Вокруг Света 1996 № 11 (2674) (Журнал «Вокруг Света») - страница 67

Они идут сюда, потомки великих строителей и доблестных воинов, плотно закутавшись в разноцветные пончо из шерсти альпаки, в вязаных, с ушами, шапочках чульо. Идут из Куско — «центра вселенной». Идут с плоскогорий Пуно — этого перекрестка народов, где на берегах самого высокогорного в мире судоходного озера Титикака встретились и сумели найти формулу мирного сосуществования две великие индейские цивилизации Южной Америки — кечуа и аймара. Идут из Арекипы — «жемчужины юга», чудо-города, сложенного из резного сильяра — белого вулканического туфа. Идут из Мокегуа и Такны — солнечных сельских оазисов близ чилийской границы, из Уанкавелики и Апуримака — горных департаментов Перу, где самобытная индейская культура, тысячелетний уклад жизни горцев сохранились в почти первозданном виде. Идут из сотен больших и маленьких поселков, где в неказистых жилищах из адобы — саманного кирпича — живут те, на ком, собственно говоря, и зиждется национальное самосознание людей, населяющих государство Перу.

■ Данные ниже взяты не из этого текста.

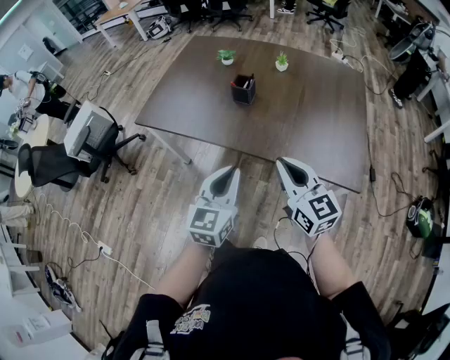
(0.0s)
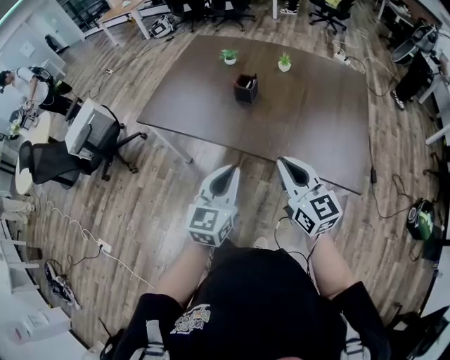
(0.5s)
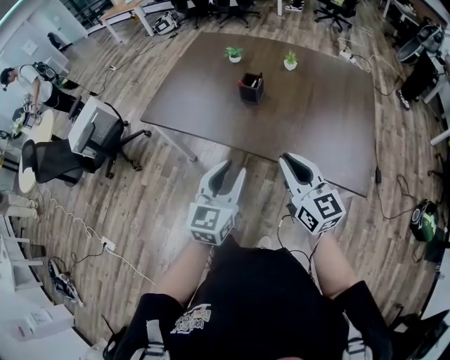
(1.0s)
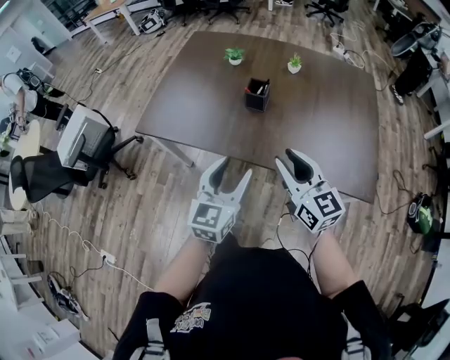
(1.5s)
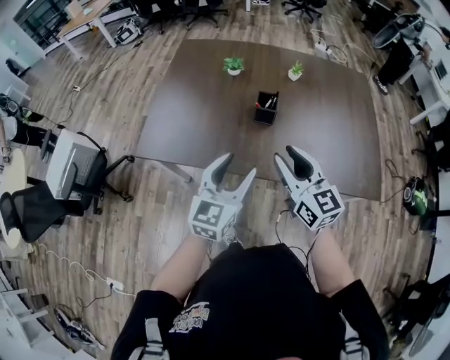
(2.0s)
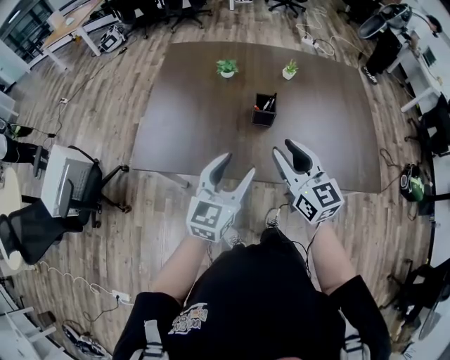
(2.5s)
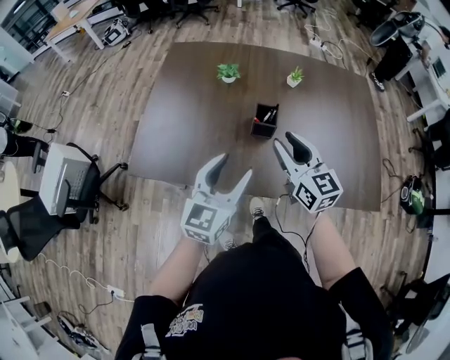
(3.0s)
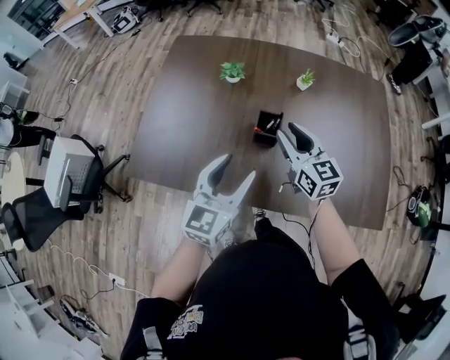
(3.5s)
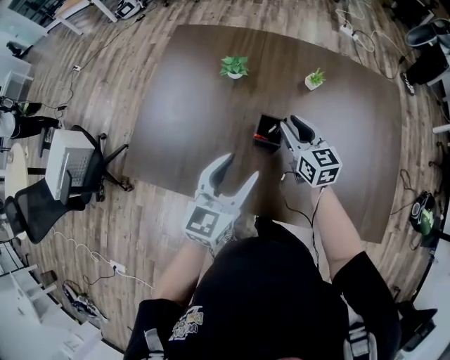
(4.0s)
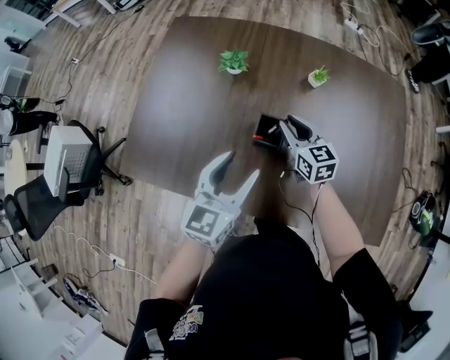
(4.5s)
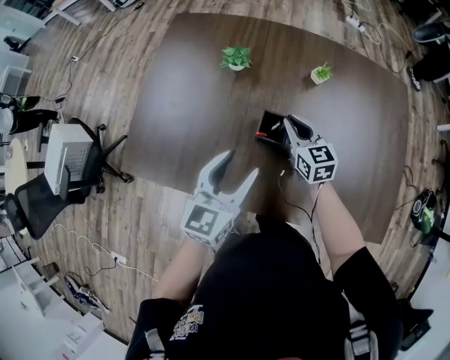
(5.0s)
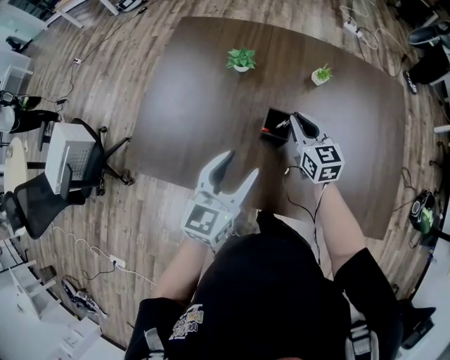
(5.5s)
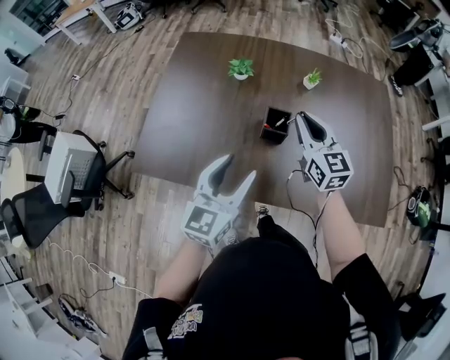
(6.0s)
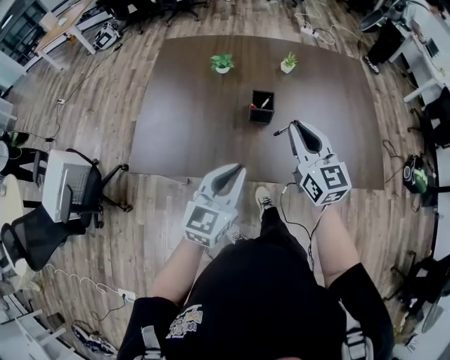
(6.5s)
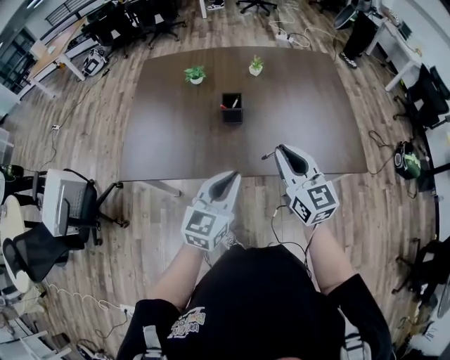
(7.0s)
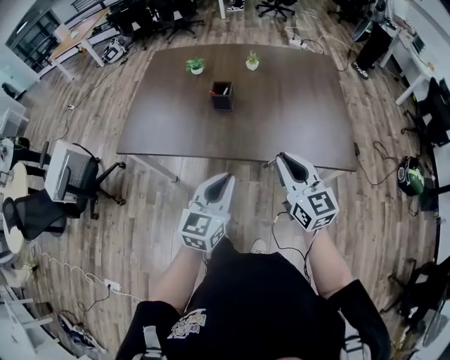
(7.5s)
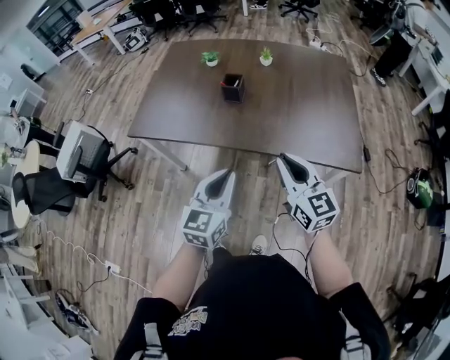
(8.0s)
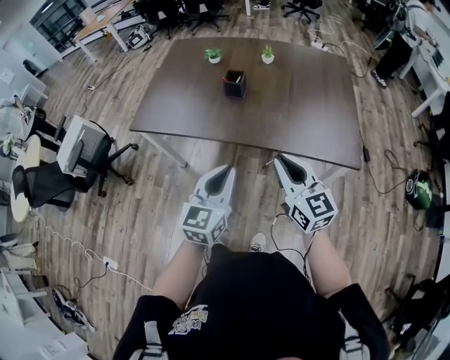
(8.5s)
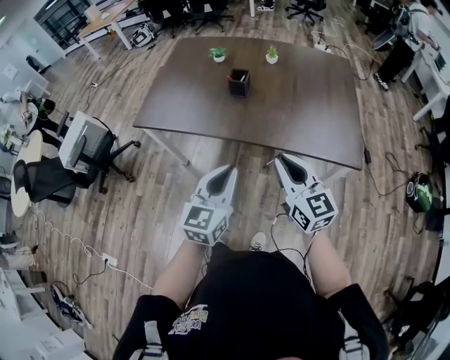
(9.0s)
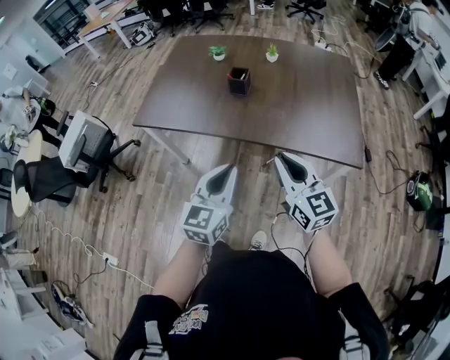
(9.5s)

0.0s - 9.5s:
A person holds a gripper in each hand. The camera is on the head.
0.0s - 2.0s: The grippers both shift forward and to the left by some 25 cm. The right gripper opens; the left gripper opens its fingers.
2.0s - 4.0s: The left gripper moves forward, roughly 20 cm; the right gripper heads forward and downward, covering approximately 35 cm.
4.0s - 5.5s: The right gripper closes up.
5.5s - 7.5s: Both grippers travel together backward and to the right, some 40 cm. The left gripper closes up.
7.5s - 9.5s: Both grippers travel together backward, some 5 cm.

Религиозный долг каждого правоверного мусульманина — хоть раз в жизни совершить хадж: посетить Медину и Мекку, родину и убежище пророка Мухаммеда. Каждый перуанский индеец рано или поздно совершает паломничество к «Снежной звезде». Иначе он уже не индеец-кечуа.

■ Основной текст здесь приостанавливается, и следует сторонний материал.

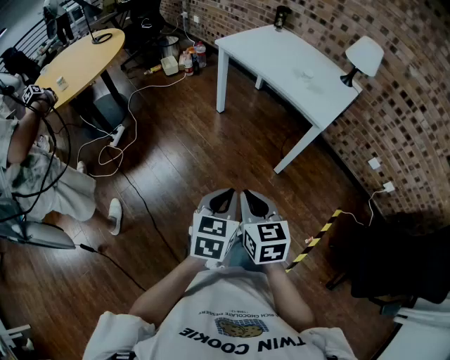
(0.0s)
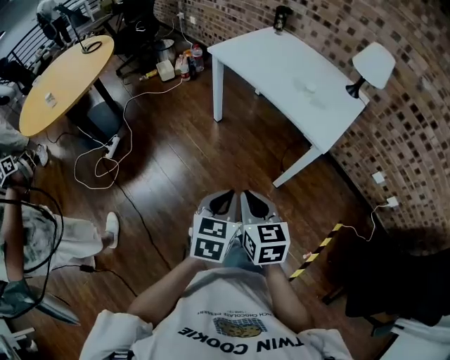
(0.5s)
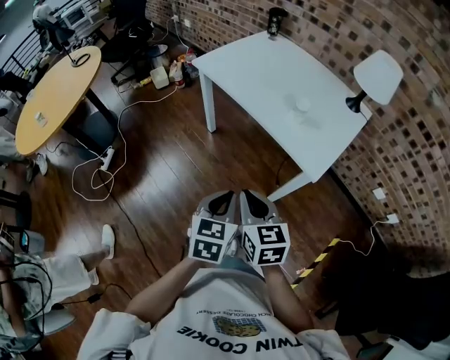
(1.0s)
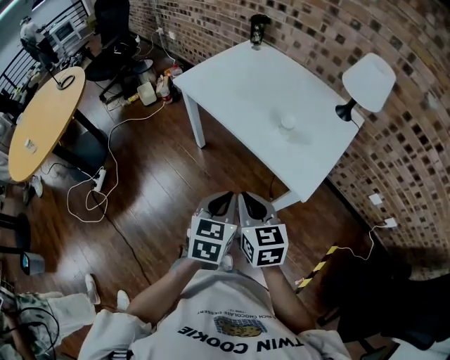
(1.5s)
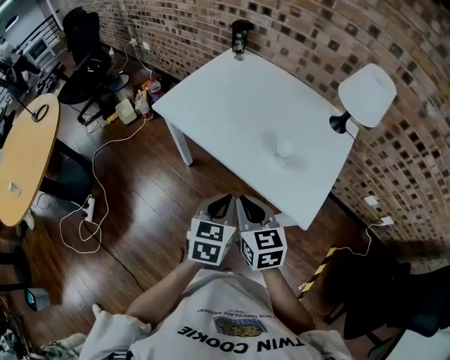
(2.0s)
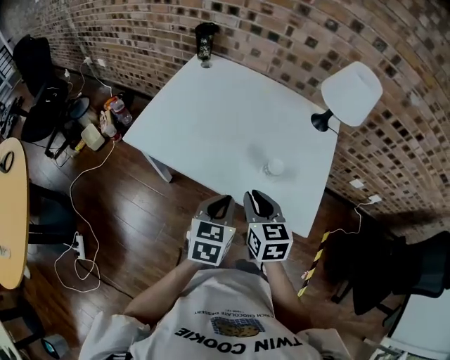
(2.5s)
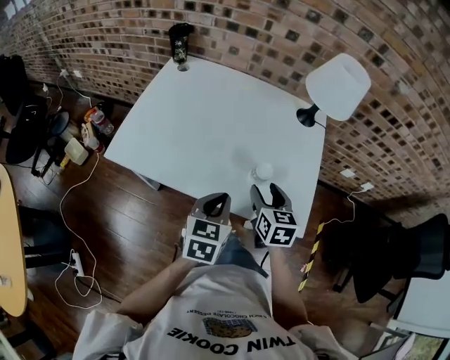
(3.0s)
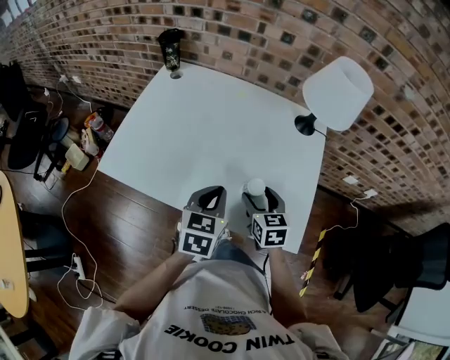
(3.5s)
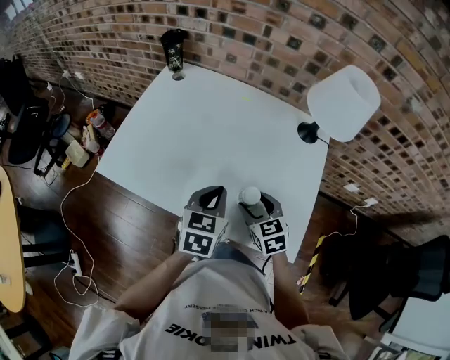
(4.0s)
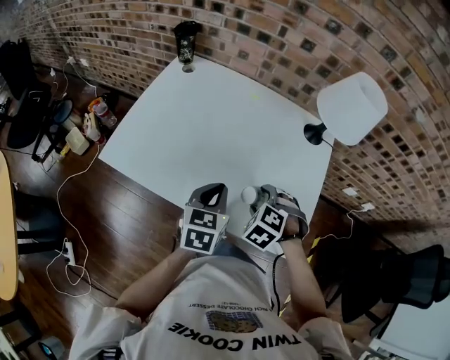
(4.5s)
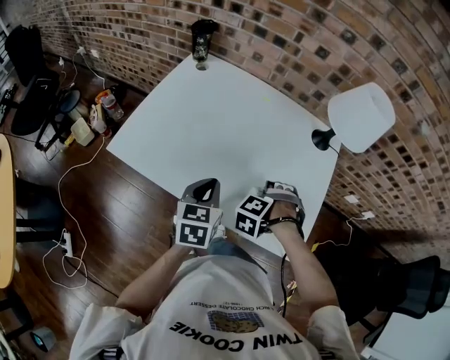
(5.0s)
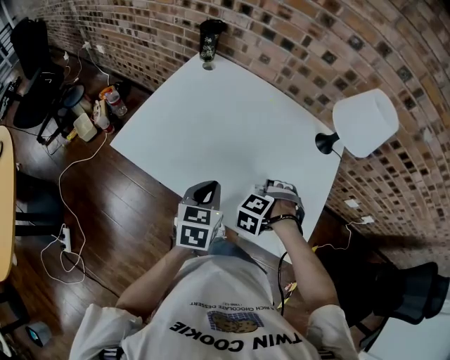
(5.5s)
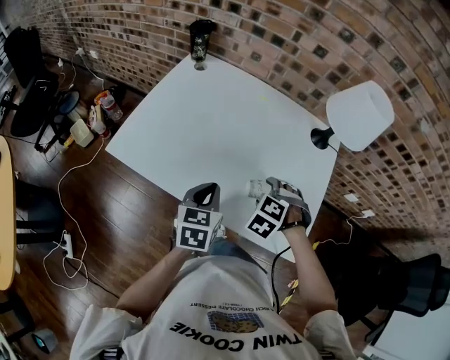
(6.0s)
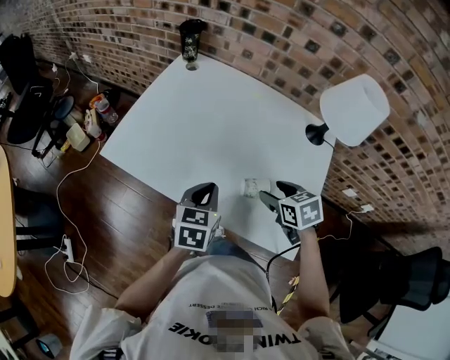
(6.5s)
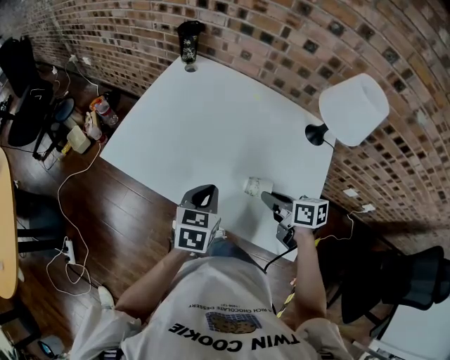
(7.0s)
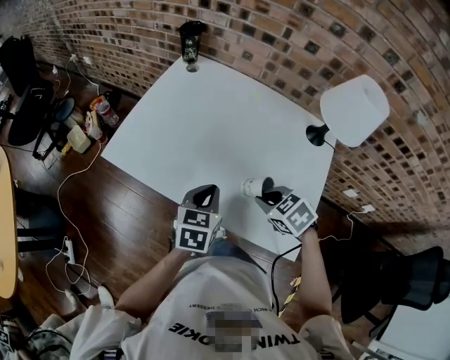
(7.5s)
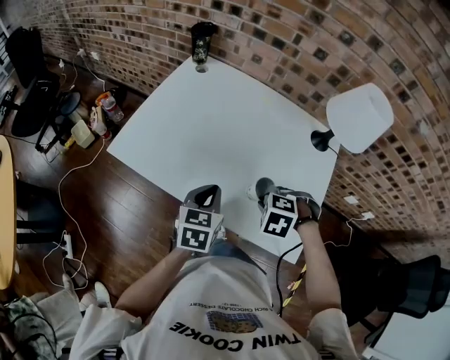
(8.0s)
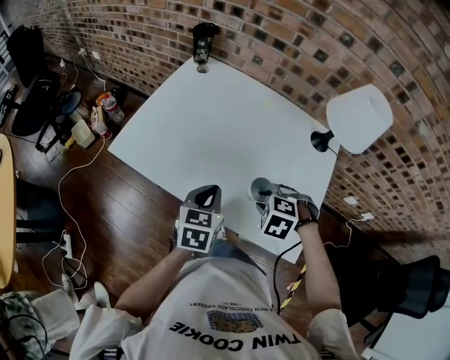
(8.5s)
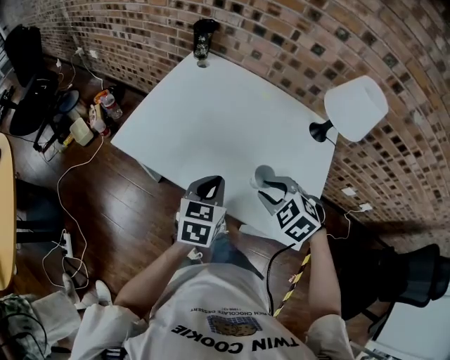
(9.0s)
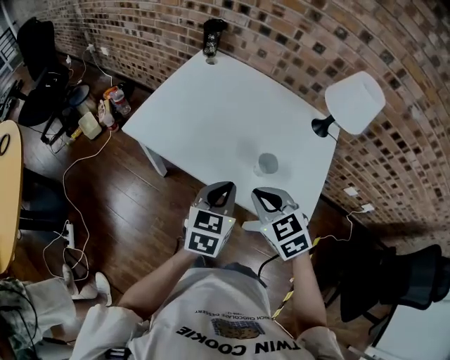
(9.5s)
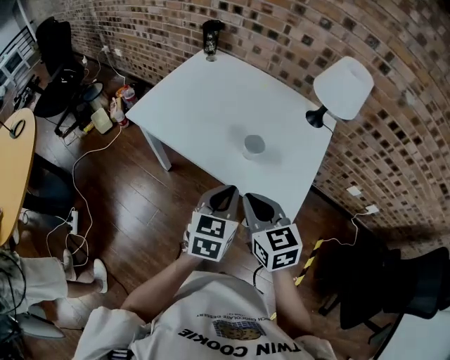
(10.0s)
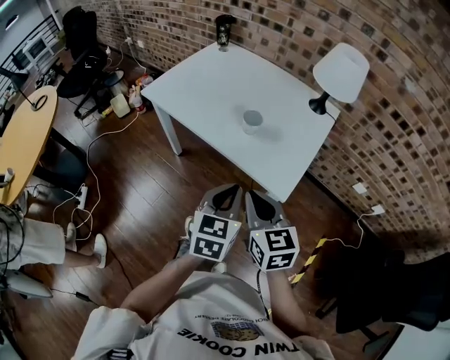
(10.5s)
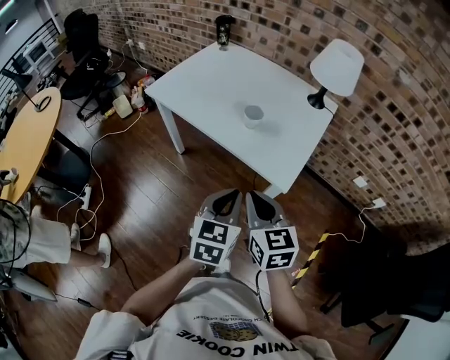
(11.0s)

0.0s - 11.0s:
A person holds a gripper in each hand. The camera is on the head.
0.0s - 2.0s: The two grippers travel together, forward, roughly 50 cm.
2.0s - 3.5s: The left gripper shifts by approximately 20 cm. The right gripper shifts by some 25 cm, swivels some 30 degrees, and opens up.
3.5s - 5.5s: The left gripper moves roughly 10 cm. Meanwhile the right gripper rolls counterclockwise, seen from behind, by about 80 degrees.
5.5s - 7.5s: The right gripper heads upward, covering about 5 cm, changes its angle by approximately 60 degrees, and closes.
7.5s - 9.0s: The right gripper is displaced upward by about 5 cm, and swivels roughly 20 degrees.
9.0s - 11.0s: The grippers both shift backward by about 30 cm. The right gripper angles its fingers upward, by about 40 degrees, and closes.

«Койльюр Рити» длится четыре дня и три ночи. Исходная точка — несколько покосившихся хижин, оседлавших дорогу из Кинсемиль в Пуэрто-Мальдонадо и откликающихся на имя «поселок Мауайани». Обычно на этом пятачке сходятся от 25 до 40 тысяч паломников. Мне повезло: на этот раз нахлынуло почти 60 тысяч «детей Снежной звезды».

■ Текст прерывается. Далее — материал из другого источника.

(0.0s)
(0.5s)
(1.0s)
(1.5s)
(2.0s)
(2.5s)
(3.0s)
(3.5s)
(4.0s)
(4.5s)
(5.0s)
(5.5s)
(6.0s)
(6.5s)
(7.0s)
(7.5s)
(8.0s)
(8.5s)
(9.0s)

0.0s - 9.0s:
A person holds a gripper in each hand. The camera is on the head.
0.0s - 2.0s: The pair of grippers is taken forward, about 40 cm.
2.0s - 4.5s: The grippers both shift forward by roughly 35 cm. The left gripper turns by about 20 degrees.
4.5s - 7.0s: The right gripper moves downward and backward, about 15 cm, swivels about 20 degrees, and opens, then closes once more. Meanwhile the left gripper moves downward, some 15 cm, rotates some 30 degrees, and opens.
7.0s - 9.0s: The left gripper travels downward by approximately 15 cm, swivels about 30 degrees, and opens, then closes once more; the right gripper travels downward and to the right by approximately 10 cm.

Длинная вереница-змея паломников начинает подъем на ледник. Каждый обязательно несет самодельный крест, образок и какой-нибудь камень — это и жертвоприношение, и просьба о помощи. Люди поднимают золоченые штандарты, поют и танцуют, их головные уборы из длинных красных перьев покачиваются в такт движениям. Со стороны — феерический балет на ослепительно чистой, белой-белой сцене горного склона. Индейская флейта кена звучит, как завывание горного ветра, ободравшего плечи о рваные выступы горных ущелий. Рокот барабанов напоминает гул надвигающейся лавины. А переборы чаранго, андской балалайки, — звон набирающих силу ручьев. Все же вместе сливается в типичную для этих краев мелодию индейского уайно — плача горца.

У подножия ледника вереница-змея складывает свои кольца, вновь обретая привычный вид людской толпы. Звучит торжественная месса. Принесенные камни, на которые обязательно надо плюнуть, градом летят теперь вниз. Из других, заранее обтесанных камешков, а также веток и пучков соломы строят крохотные домики, загоны для скота, наполненные дарами земли закрома. Кресты втыкают в снег, и кажется, что граница ледника теперь упирается в гигантское кладбище. К скале, на которой, как говорят католики, несколько раз появлялось лицо Девы Марии (индейцы больше ассоциируют эту скалу с именем Апачеты — покровителя путников, дорог и тропинок), женщины складывают клубки шерсти и тысячи крошечных шапочек, пончо и одеял, способных одеть целую армию лилипутов. На другом каменном алтаре собирают образки. Еще один увенчан каменным сооружением, сквозь металлическую решетку которого пилигримы бросают свои письма — петиции к Апу. Потом их сожгут, а пепел развеют на горном ветру.